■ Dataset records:
══════

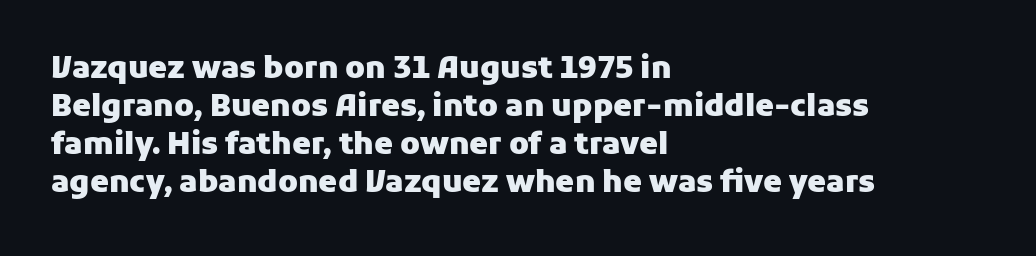
The rendering anchors every line to the left-hand side. A roman cut, with each character standing at attention. The type family on display is of the sans-serif kind. Leading matches the norm, producing a regular column. Clear beneath every line of the passage. Notice how thick the strokes are: this is what a full bold looks like.
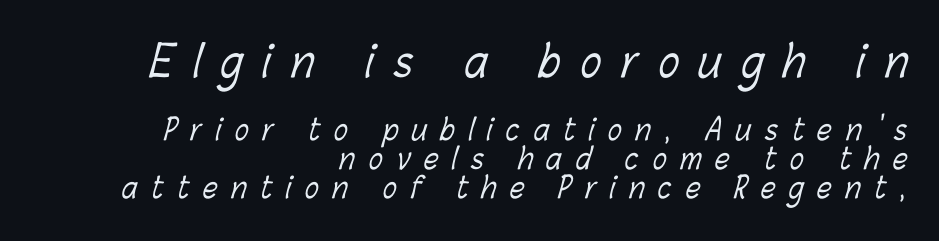
Q: Is the text bold? A: No.
Q: Is the text underlined? A: No.
Q: How is the paragraph aligned? A: Right-aligned.
Q: Is the spacing between letters normal or unusually wide? A: Unusually wide.
Q: Is the spacing between lines tight, normal or loose? A: Tight.
Q: Which block of text is set in a larger size, the first (top) or the second (bottom)? A: The first (top) one.
Q: Width (condensed, normal, or wide)? A: Condensed.
Q: Stroke contrast? A: Low.
Q: x-height? A: Medium.
Q: Monospaced? A: No.
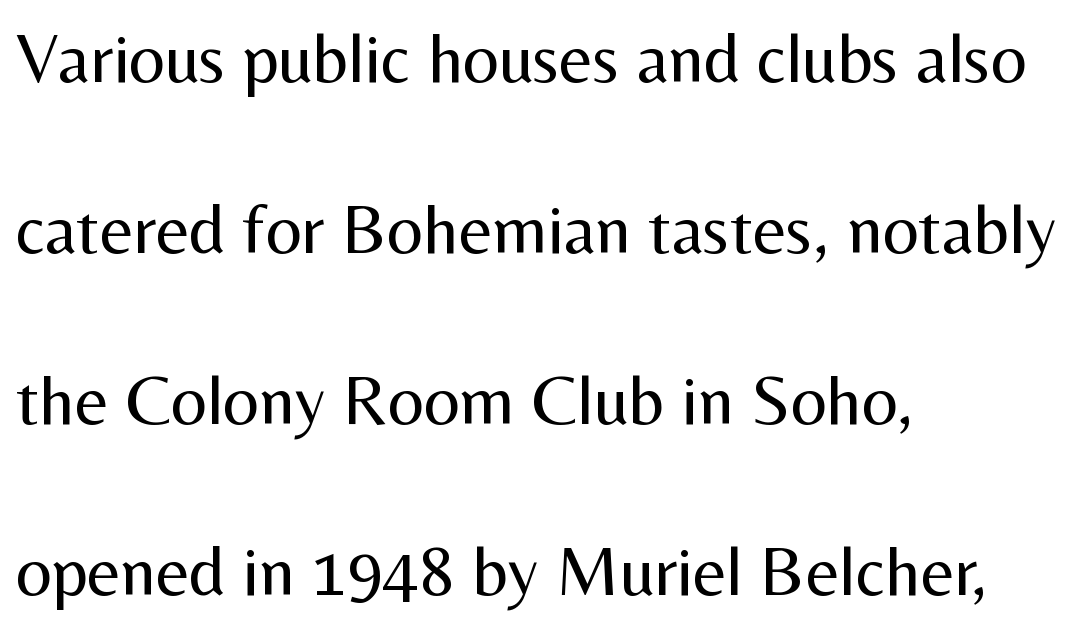
The image shows 71 px regular-weight sans-serif type, upright; set left-aligned, loose line spacing (2.41x), normal letter spacing, not underlined; medium stroke contrast and a medium x-height.
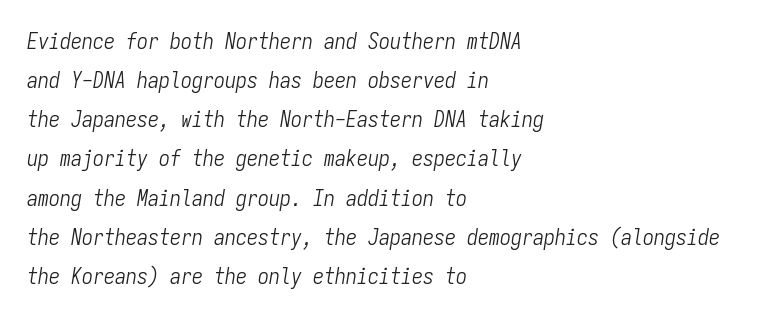
The image shows 22 px text type, italic (leaning right); set left-aligned, line spacing 1.78x, normal letter spacing, not underlined.
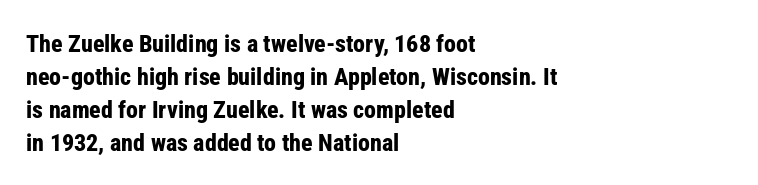
{"italic": "no", "bold": "yes", "underline": "no", "align": "left", "line_spacing": "normal", "line_spacing_ratio": 1.38, "letter_spacing": "normal", "letter_spacing_em": 0.0, "glyph_px": 24}
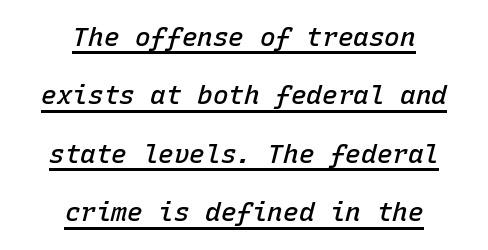
Glyph-to-glyph distance matches everyday printed text. The rendering uses the underline text-decoration. Honestly, the rows look like they've been pulled way apart. The text block is weighted toward neither margin, spreading evenly from the middle. The lettering tilts uniformly, giving the passage an italic look. This is moderately heavy type, rendered in semibold.
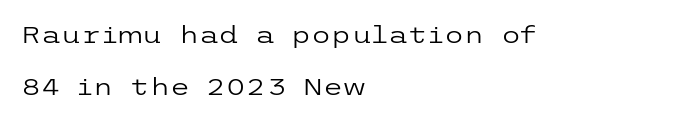
In terms of posture, this sample is upright. Counters stay open thanks to moderate or lighter strokes. Does the leading feel generous? Absolutely, it's lavish. The rag falls on the right side of this text block. Clear beneath every line of the passage.
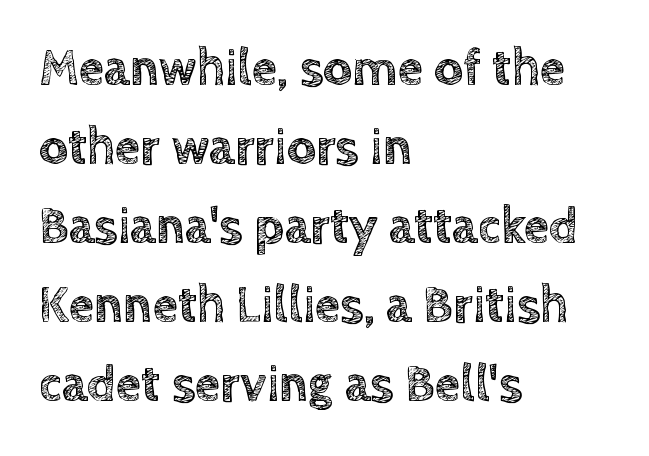
{"italic": "no", "width": "normal", "x_height": "large", "monospaced": "no", "underline": "no", "align": "left", "line_spacing": "normal", "line_spacing_ratio": 1.55, "letter_spacing": "normal", "letter_spacing_em": 0.0, "glyph_px": 51}
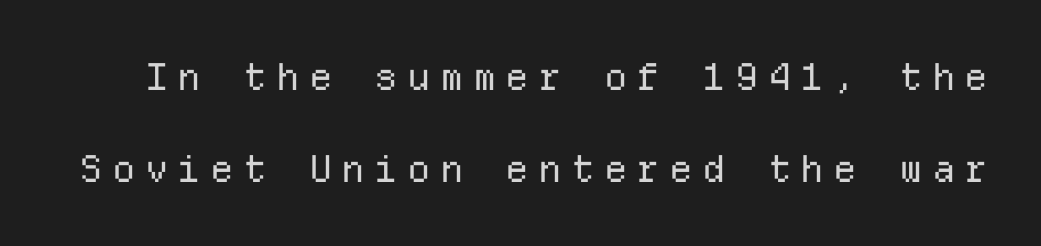
The weight would be labelled regular, book, light, or lighter still. Quick note: interline space is abundant. Posture: upright roman. A typesetter would call this heavily tracked-out type. Check where the strokes stop: nothing finishes them off — pure sans.
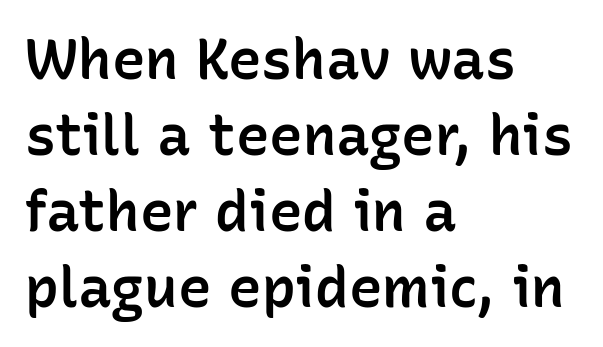
The image shows 56 px semibold sans-serif type, upright; set left-aligned, normal line spacing (1.36x), normal letter spacing, not underlined; low stroke contrast and a medium x-height.
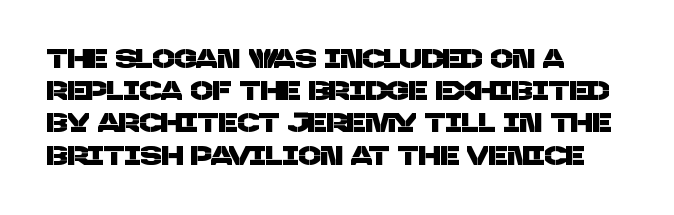
The image shows 26 px text type; set left-aligned, line spacing 1.24x, normal letter spacing, not underlined.
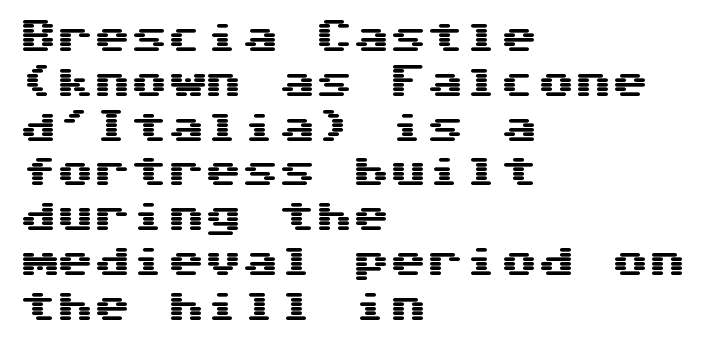
{"serif": "no", "italic": "no", "width": "wide", "stroke_contrast": "medium", "x_height": "medium", "monospaced": "yes", "underline": "no", "align": "left", "line_spacing_ratio": 1.21, "letter_spacing": "normal", "letter_spacing_em": 0.0, "glyph_px": 37}
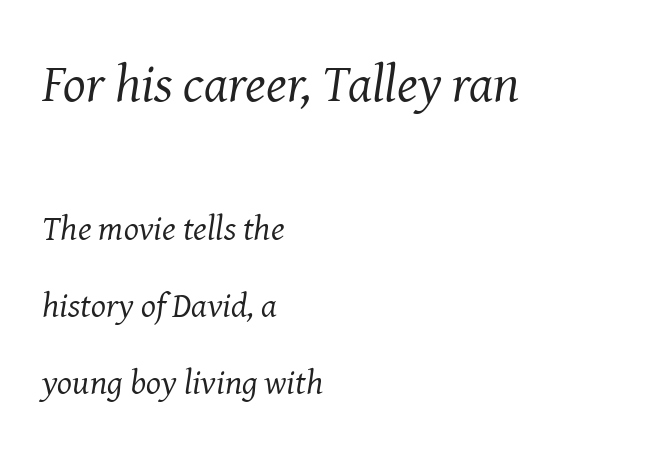
{"serif": "yes", "italic": "yes", "lean": "right", "slant_degrees": 8, "bold": "no", "weight": "regular", "width": "normal", "stroke_contrast": "medium", "x_height": "medium", "monospaced": "no", "underline": "no", "align": "left", "line_spacing": "loose", "line_spacing_ratio": 2.2, "letter_spacing": "normal", "letter_spacing_em": 0.0, "larger_block": "first", "size_ratio": 1.51, "glyph_px": 53}
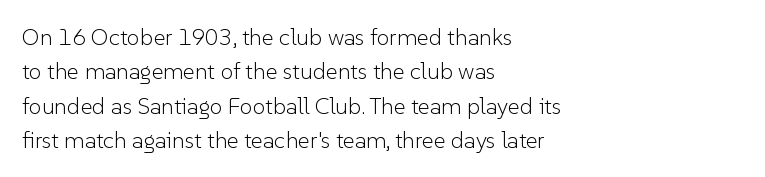
{"italic": "no", "bold": "no", "underline": "no", "align": "left", "line_spacing": "normal", "line_spacing_ratio": 1.49, "letter_spacing": "normal", "letter_spacing_em": 0.0, "glyph_px": 23}
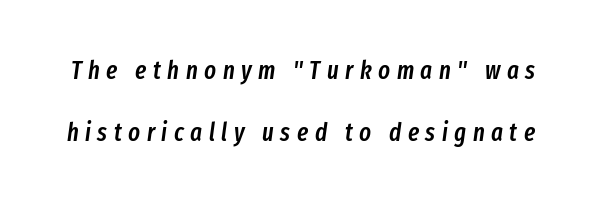
Q: Is the text bold? A: Semi-bold.
Q: Is the text italic (slanted)? A: Yes, it leans right by about 8 degrees.
Q: Is the text underlined? A: No.
Q: Is the spacing between letters normal or unusually wide? A: Unusually wide.
Q: Is the spacing between lines tight, normal or loose? A: Loose.
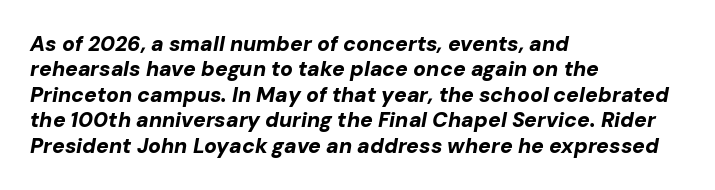
The image shows 21 px bold type, italic (leaning right); set left-aligned, line spacing 1.21x, normal letter spacing, not underlined.
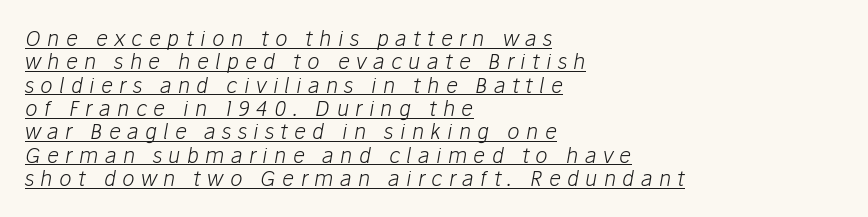
The image shows 21 px text type, italic (leaning right); set left-aligned, tight line spacing (1.11x), unusually wide letter spacing (+0.3 em), underlined.
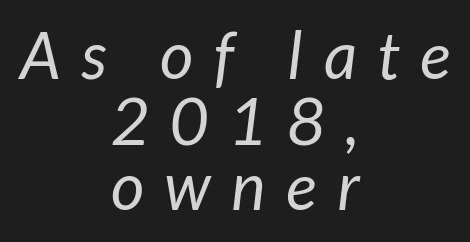
{"serif": "no", "bold": "no", "weight": "regular", "width": "normal", "stroke_contrast": "low", "x_height": "medium", "monospaced": "no", "underline": "no", "align": "center", "line_spacing": "tight", "line_spacing_ratio": 1.01, "letter_spacing": "wide", "letter_spacing_em": 0.32, "glyph_px": 65}
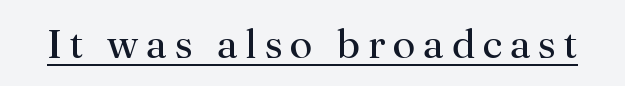
The image shows 41 px regular-weight serif type, upright; set underlined; medium stroke contrast and a small x-height.
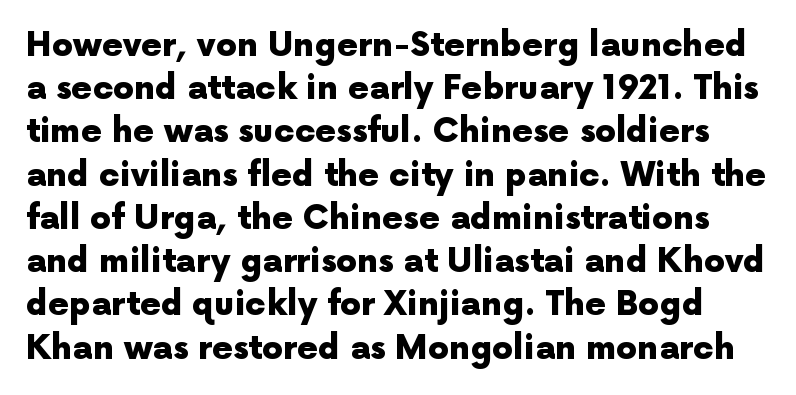
Successive baselines arrive at the customary interval. The area under the type is left untouched. You could call the tracking neutral — neither tight nor loose. A full-strength bold gives these letters their thick strokes.
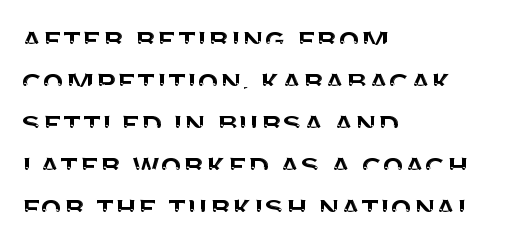
{"serif": "no", "italic": "no", "width": "normal", "stroke_contrast": "medium", "x_height": "large", "monospaced": "no", "underline": "no", "align": "left", "line_spacing_ratio": 1.2, "letter_spacing": "normal", "letter_spacing_em": 0.0, "glyph_px": 35}
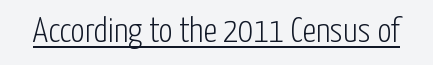
{"serif": "no", "italic": "no", "bold": "no", "weight": "light", "width": "condensed", "stroke_contrast": "low", "x_height": "medium", "monospaced": "no", "underline": "yes", "letter_spacing": "normal", "letter_spacing_em": 0.0, "glyph_px": 35}
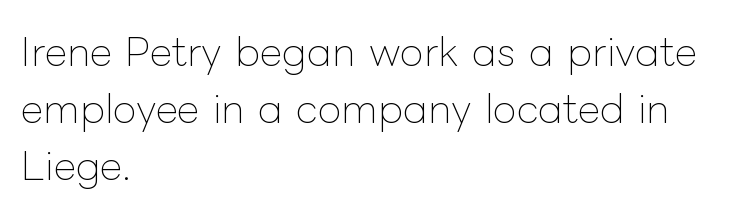
The image shows 39 px thin type, upright; set left-aligned, normal line spacing (1.46x), normal letter spacing, not underlined; low stroke contrast and a medium x-height.
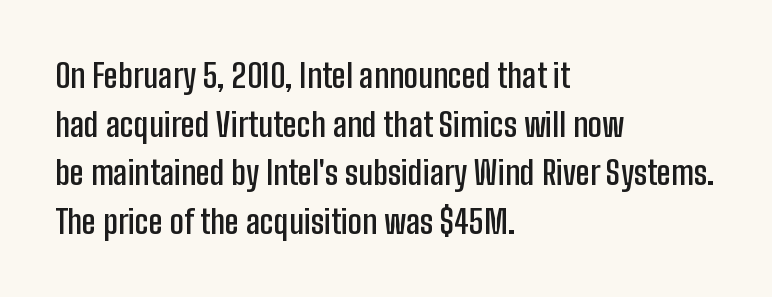
You could not count columns in this text — the font is proportionally spaced. The glyphs in this specimen are sans serif. Normally led — the rows are evenly, conventionally spaced. The glyphs have the mass of a demibold cut, below bold. The letters stand straight up with perfectly vertical stems. A student would call this left alignment; a typographer would say flush left, rag right.
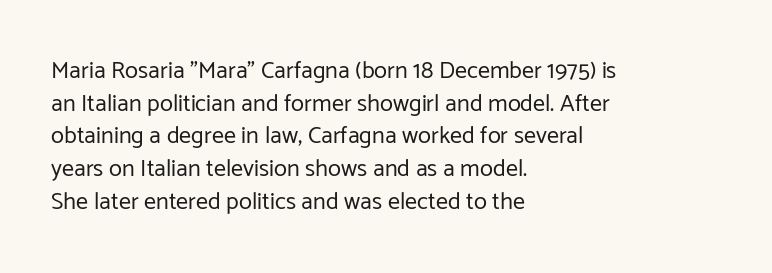
Plain, unruled lines of type. Ordinary non-slanted type is in use. Does extra space separate the letters? No, they use regular spacing. This is not heavy type; no bold has been used. These lines sit exactly where default settings would place them. Reading down the block, your eye returns to a fixed left position each line.
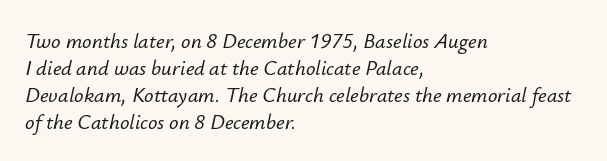
The image shows 21 px text type, italic (leaning right); set left-aligned, normal line spacing (1.28x), normal letter spacing, not underlined.
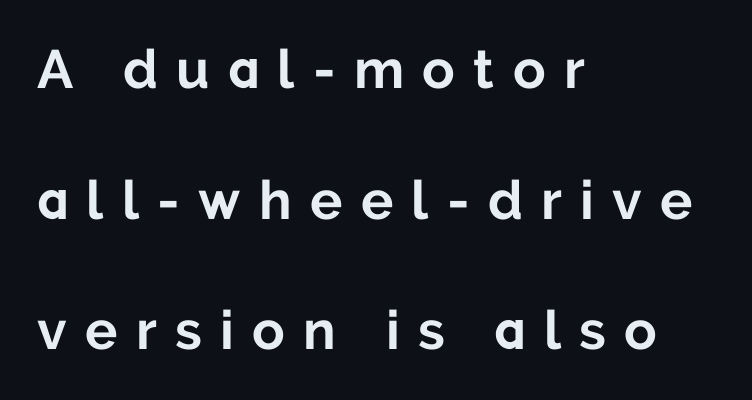
{"serif": "no", "italic": "no", "bold": "yes", "weight": "bold", "width": "normal", "stroke_contrast": "low", "x_height": "medium", "monospaced": "no", "underline": "no", "align": "left", "line_spacing": "loose", "line_spacing_ratio": 2.42, "letter_spacing": "wide", "letter_spacing_em": 0.34, "glyph_px": 54}
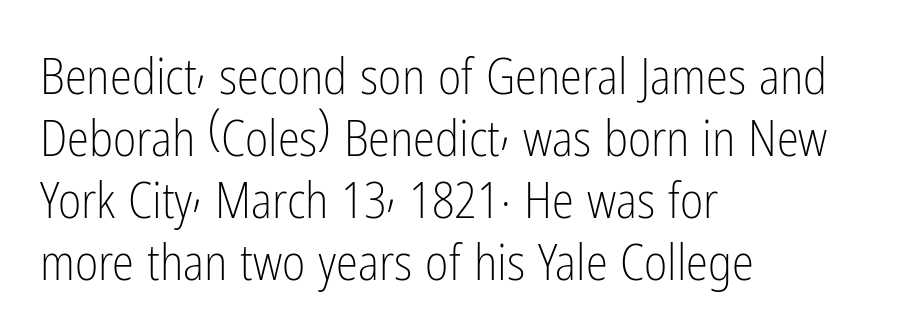
Q: Is the text bold? A: No.
Q: Is the text italic (slanted)? A: No, it is upright.
Q: Is the typeface a serif or a sans-serif typeface? A: Sans-serif.
Q: Is the text underlined? A: No.
Q: How is the paragraph aligned? A: Left-aligned.
Q: Is the spacing between letters normal or unusually wide? A: Normal.
Q: Width (condensed, normal, or wide)? A: Condensed.
Q: Stroke contrast? A: Low.
Q: x-height? A: Medium.
Q: Monospaced? A: No.

══════

■ Aim of the task: What is needed is a word-for-word transcription of all the entries, with the pictures dropped.

■ Response below:
The rendering anchors every line to the left-hand side. A roman cut, with each character standing at attention. The type family on display is of the sans-serif kind. Leading matches the norm, producing a regular column. Clear beneath every line of the passage. Notice how thick the strokes are: this is what a full bold looks like.
Q: Is the text bold? A: No.
Q: Is the text underlined? A: No.
Q: How is the paragraph aligned? A: Right-aligned.
Q: Is the spacing between letters normal or unusually wide? A: Unusually wide.
Q: Is the spacing between lines tight, normal or loose? A: Tight.
Q: Which block of text is set in a larger size, the first (top) or the second (bottom)? A: The first (top) one.
Q: Width (condensed, normal, or wide)? A: Condensed.
Q: Stroke contrast? A: Low.
Q: x-height? A: Medium.
Q: Monospaced? A: No.
The image shows 71 px regular-weight sans-serif type, upright; set left-aligned, loose line spacing (2.41x), normal letter spacing, not underlined; medium stroke contrast and a medium x-height.
The image shows 22 px text type, italic (leaning right); set left-aligned, line spacing 1.78x, normal letter spacing, not underlined.
{"italic": "no", "bold": "yes", "underline": "no", "align": "left", "line_spacing": "normal", "line_spacing_ratio": 1.38, "letter_spacing": "normal", "letter_spacing_em": 0.0, "glyph_px": 24}
Glyph-to-glyph distance matches everyday printed text. The rendering uses the underline text-decoration. Honestly, the rows look like they've been pulled way apart. The text block is weighted toward neither margin, spreading evenly from the middle. The lettering tilts uniformly, giving the passage an italic look. This is moderately heavy type, rendered in semibold.
In terms of posture, this sample is upright. Counters stay open thanks to moderate or lighter strokes. Does the leading feel generous? Absolutely, it's lavish. The rag falls on the right side of this text block. Clear beneath every line of the passage.
{"italic": "no", "width": "normal", "x_height": "large", "monospaced": "no", "underline": "no", "align": "left", "line_spacing": "normal", "line_spacing_ratio": 1.55, "letter_spacing": "normal", "letter_spacing_em": 0.0, "glyph_px": 51}
The weight would be labelled regular, book, light, or lighter still. Quick note: interline space is abundant. Posture: upright roman. A typesetter would call this heavily tracked-out type. Check where the strokes stop: nothing finishes them off — pure sans.
The image shows 56 px semibold sans-serif type, upright; set left-aligned, normal line spacing (1.36x), normal letter spacing, not underlined; low stroke contrast and a medium x-height.
The image shows 26 px text type; set left-aligned, line spacing 1.24x, normal letter spacing, not underlined.
{"serif": "no", "italic": "no", "width": "wide", "stroke_contrast": "medium", "x_height": "medium", "monospaced": "yes", "underline": "no", "align": "left", "line_spacing_ratio": 1.21, "letter_spacing": "normal", "letter_spacing_em": 0.0, "glyph_px": 37}
{"serif": "yes", "italic": "yes", "lean": "right", "slant_degrees": 8, "bold": "no", "weight": "regular", "width": "normal", "stroke_contrast": "medium", "x_height": "medium", "monospaced": "no", "underline": "no", "align": "left", "line_spacing": "loose", "line_spacing_ratio": 2.2, "letter_spacing": "normal", "letter_spacing_em": 0.0, "larger_block": "first", "size_ratio": 1.51, "glyph_px": 53}
{"italic": "no", "bold": "no", "underline": "no", "align": "left", "line_spacing": "normal", "line_spacing_ratio": 1.49, "letter_spacing": "normal", "letter_spacing_em": 0.0, "glyph_px": 23}
Q: Is the text bold? A: Semi-bold.
Q: Is the text italic (slanted)? A: Yes, it leans right by about 8 degrees.
Q: Is the text underlined? A: No.
Q: Is the spacing between letters normal or unusually wide? A: Unusually wide.
Q: Is the spacing between lines tight, normal or loose? A: Loose.
The image shows 21 px bold type, italic (leaning right); set left-aligned, line spacing 1.21x, normal letter spacing, not underlined.
The image shows 21 px text type, italic (leaning right); set left-aligned, tight line spacing (1.11x), unusually wide letter spacing (+0.3 em), underlined.
{"serif": "no", "bold": "no", "weight": "regular", "width": "normal", "stroke_contrast": "low", "x_height": "medium", "monospaced": "no", "underline": "no", "align": "center", "line_spacing": "tight", "line_spacing_ratio": 1.01, "letter_spacing": "wide", "letter_spacing_em": 0.32, "glyph_px": 65}
The image shows 41 px regular-weight serif type, upright; set underlined; medium stroke contrast and a small x-height.
Successive baselines arrive at the customary interval. The area under the type is left untouched. You could call the tracking neutral — neither tight nor loose. A full-strength bold gives these letters their thick strokes.
{"serif": "no", "italic": "no", "width": "normal", "stroke_contrast": "medium", "x_height": "large", "monospaced": "no", "underline": "no", "align": "left", "line_spacing_ratio": 1.2, "letter_spacing": "normal", "letter_spacing_em": 0.0, "glyph_px": 35}
{"serif": "no", "italic": "no", "bold": "no", "weight": "light", "width": "condensed", "stroke_contrast": "low", "x_height": "medium", "monospaced": "no", "underline": "yes", "letter_spacing": "normal", "letter_spacing_em": 0.0, "glyph_px": 35}
The image shows 39 px thin type, upright; set left-aligned, normal line spacing (1.46x), normal letter spacing, not underlined; low stroke contrast and a medium x-height.
You could not count columns in this text — the font is proportionally spaced. The glyphs in this specimen are sans serif. Normally led — the rows are evenly, conventionally spaced. The glyphs have the mass of a demibold cut, below bold. The letters stand straight up with perfectly vertical stems. A student would call this left alignment; a typographer would say flush left, rag right.
Plain, unruled lines of type. Ordinary non-slanted type is in use. Does extra space separate the letters? No, they use regular spacing. This is not heavy type; no bold has been used. These lines sit exactly where default settings would place them. Reading down the block, your eye returns to a fixed left position each line.
The image shows 21 px text type, italic (leaning right); set left-aligned, normal line spacing (1.28x), normal letter spacing, not underlined.
{"serif": "no", "italic": "no", "bold": "yes", "weight": "bold", "width": "normal", "stroke_contrast": "low", "x_height": "medium", "monospaced": "no", "underline": "no", "align": "left", "line_spacing": "loose", "line_spacing_ratio": 2.42, "letter_spacing": "wide", "letter_spacing_em": 0.34, "glyph_px": 54}
Q: Is the text bold? A: No.
Q: Is the text italic (slanted)? A: No, it is upright.
Q: Is the typeface a serif or a sans-serif typeface? A: Sans-serif.
Q: Is the text underlined? A: No.
Q: How is the paragraph aligned? A: Left-aligned.
Q: Is the spacing between letters normal or unusually wide? A: Normal.
Q: Width (condensed, normal, or wide)? A: Condensed.
Q: Stroke contrast? A: Low.
Q: x-height? A: Medium.
Q: Monospaced? A: No.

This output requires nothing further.